Les biais cognitifs : une « escroquerie » ?

Lecture critique d’un billet très en colère

Le blog Le Serpent à Sornette a récemment publié un texte au titre provocateur : « Les biais cognitifs, cette escroquerie ». L’autrice, docteure en sciences de l’éducation, y dénonce avec une verve pamphlétaire ce qu’elle perçoit comme une illusion collective : les biais cognitifs seraient, selon elle, un concept vide, une imposture intellectuelle maintenue artificiellement par la psychologie expérimentale et recyclée par les vulgarisateurs pour briller sur YouTube.

Sur le très bon travail de Mehdi Moussaïd sur la question (sur sa chaine Fouloscopie), elle trouve simplement à dire :

« sujet très nul, qui plus est traité de façon parfaitement nulle, par un vidéaste-psychologue un peu nul. » en l’accusant de « babillage psycho-bullshit ».

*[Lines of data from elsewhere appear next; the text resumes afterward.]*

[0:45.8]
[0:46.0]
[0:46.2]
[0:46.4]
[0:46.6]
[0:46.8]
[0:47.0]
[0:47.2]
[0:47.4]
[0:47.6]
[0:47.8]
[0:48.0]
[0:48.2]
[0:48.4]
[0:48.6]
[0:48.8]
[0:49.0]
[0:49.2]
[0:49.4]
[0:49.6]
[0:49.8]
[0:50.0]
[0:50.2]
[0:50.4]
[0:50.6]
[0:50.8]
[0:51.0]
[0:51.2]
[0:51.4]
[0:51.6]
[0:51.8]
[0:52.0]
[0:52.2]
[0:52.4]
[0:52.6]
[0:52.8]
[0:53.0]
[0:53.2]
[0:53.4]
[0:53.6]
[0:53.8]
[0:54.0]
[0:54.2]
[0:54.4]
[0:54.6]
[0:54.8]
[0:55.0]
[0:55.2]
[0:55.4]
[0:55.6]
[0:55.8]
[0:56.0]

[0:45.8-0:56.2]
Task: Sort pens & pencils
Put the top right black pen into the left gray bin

Une charge en règle, donc — mais dont la rhétorique masque un fond profondément fragile.

 

NB : Si la question des biais cognitifs vous intéresse, voici une émission où Pascal Wagner-Egger, chercheur en psychologie sociale, nous en parle.

 

 

1. Une critique fondée sur un malentendu épistémologique

L’autrice commence par affirmer que les biais cognitifs n’existent pas. Son argument : on ne peut pas « trouver un morceau de biais », pas plus qu’on ne peut prélever « un échantillon de climat ». L’intention est claire : rappeler qu’un concept scientifique n’est pas une chose mais un modèle. Pourtant, cette mise au point n’invalide en rien l’existence des phénomènes décrits ; elle confond la nature ontologique du concept avec sa validité scientifique.

De la même façon qu’on n’a jamais observé « le climat » mais seulement des régularités atmosphériques, on n’a jamais vu un « biais cognitif », mais on observe des régularités statistiques de jugement et de décision. Ces régularités, identifiées dès les travaux de Kahneman et Tversky (1974), ont été reproduites et discutées depuis cinquante ans. Les biais cognitifs ne sont donc pas des entités, mais des modèles descriptifs, et personne, dans la littérature sérieuse, ne le conteste.

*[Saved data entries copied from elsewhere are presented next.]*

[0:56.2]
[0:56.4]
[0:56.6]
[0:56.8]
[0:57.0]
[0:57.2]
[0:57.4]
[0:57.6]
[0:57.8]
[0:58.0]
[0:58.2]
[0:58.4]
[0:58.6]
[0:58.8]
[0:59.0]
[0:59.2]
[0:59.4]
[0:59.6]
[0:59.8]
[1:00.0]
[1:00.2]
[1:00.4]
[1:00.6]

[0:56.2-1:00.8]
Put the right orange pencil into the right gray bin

Le billet commet ainsi une erreur de catégorie : il attaque un usage métaphorique (parfois réifié, c’est vrai) comme s’il s’agissait d’une prétention ontologique. Une confusion entre critique du langage et critique de la théorie.

 

2. Le faux procès de la « rationalité logique »

Deuxième angle d’attaque : selon l’autrice, les psychologues auraient assimilé la rationalité à la logique formelle, et jugeraient « irrationnels » les individus qui ne respectent pas la transitivité ou le principe du tiers exclu. Cette caricature ne résiste pas à la moindre vérification historique.

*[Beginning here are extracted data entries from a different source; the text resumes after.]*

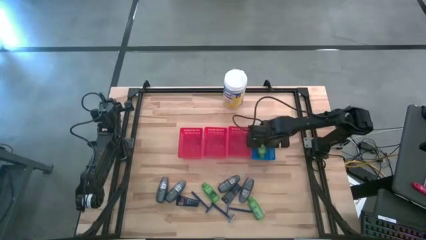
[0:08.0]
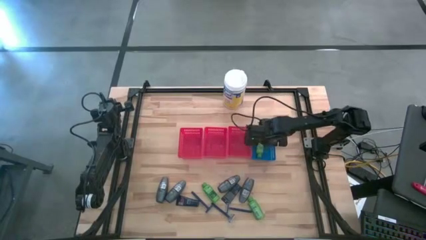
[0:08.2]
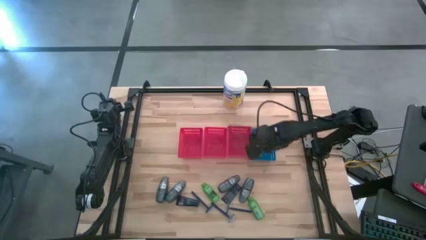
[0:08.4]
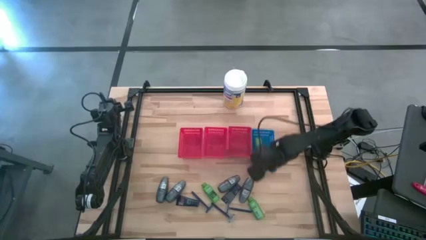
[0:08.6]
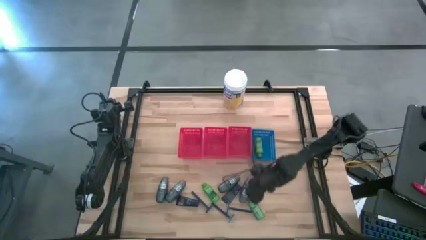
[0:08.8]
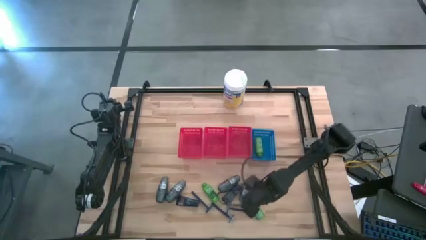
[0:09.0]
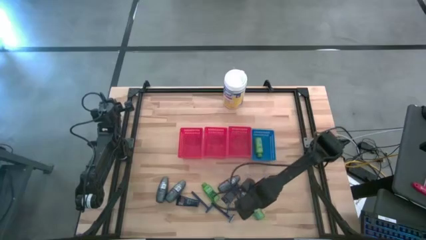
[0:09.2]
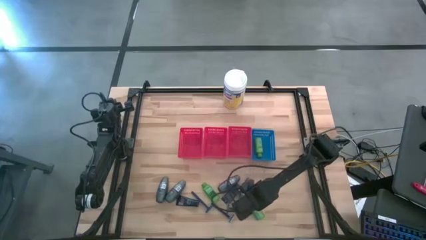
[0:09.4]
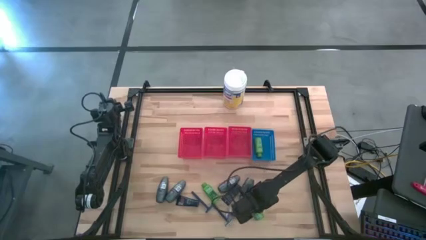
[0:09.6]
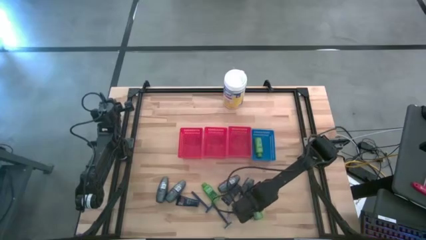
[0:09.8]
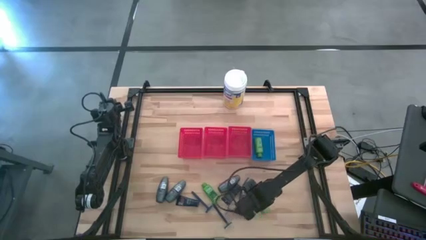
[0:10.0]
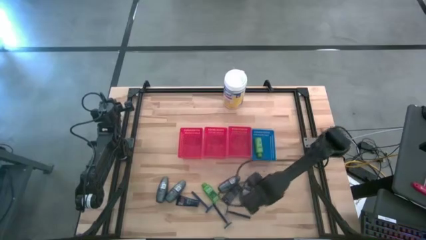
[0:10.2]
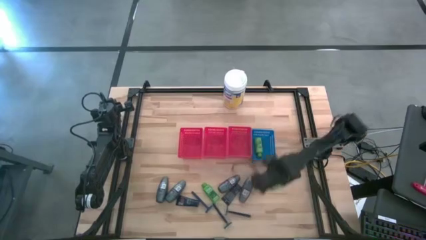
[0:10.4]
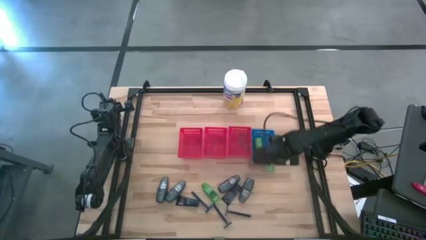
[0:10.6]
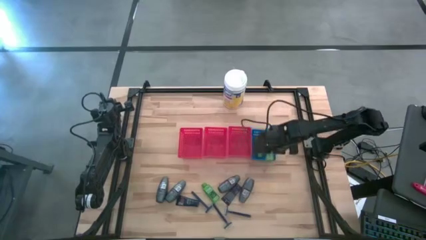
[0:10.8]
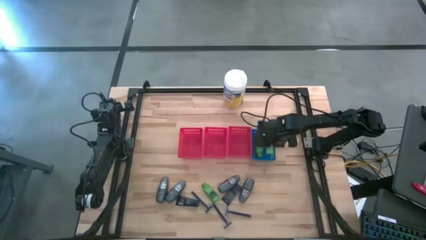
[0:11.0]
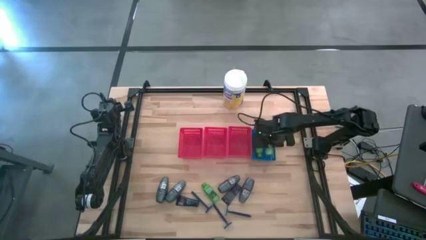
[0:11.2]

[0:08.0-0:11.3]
Task: Pick & Place Travel size toiletries
Put the green shampoo into the blue bin

Depuis Herbert Simon (1955), la psychologie cognitive repose sur le concept de rationalité limitée : les êtres humains n’optimisent pas, ils font du mieux possible avec leurs ressources cognitives. Les travaux de Kahneman et Tversky, loin d’imposer une rationalité mathématique, ont cherché à comprendre les écarts entre raisonnement humain et modèles normatifs (utilité attendue, probabilités bayésiennes, etc.). Les débats qui ont suivi — notamment avec Gigerenzer et Todd (1999) — ont précisément contesté la prétention normative des premiers modèles. Autrement dit : la critique que Sornette formule en 2025 est celle que la discipline s’est déjà adressée à elle-même… dans les années 1990.

Parenthèse importante :  En français, le mot biais évoque spontanément une faute ou une distorsion : on « est biaisé » comme on « a tort ». Or, dans la littérature scientifique anglophone, le terme bias n’a pas du tout cette connotation. Il signifie d’abord une inclinaison, une orientation, voire une simple régularité dans la manière dont nous traitons l’information. Ce n’est que dans certains contextes — statistiques, expérimentaux ou comportementaux — que le mot prend un sens évaluatif, lorsqu’on compare la tendance observée à un modèle de référence. Mais y voir une notion intrinsèquement normative relève du contresens. Bias décrit un écart régulier, pas une faute. Le reste est une projection linguistique française, qui alimente d’ailleurs la confusion entre biais, erreur et illusion.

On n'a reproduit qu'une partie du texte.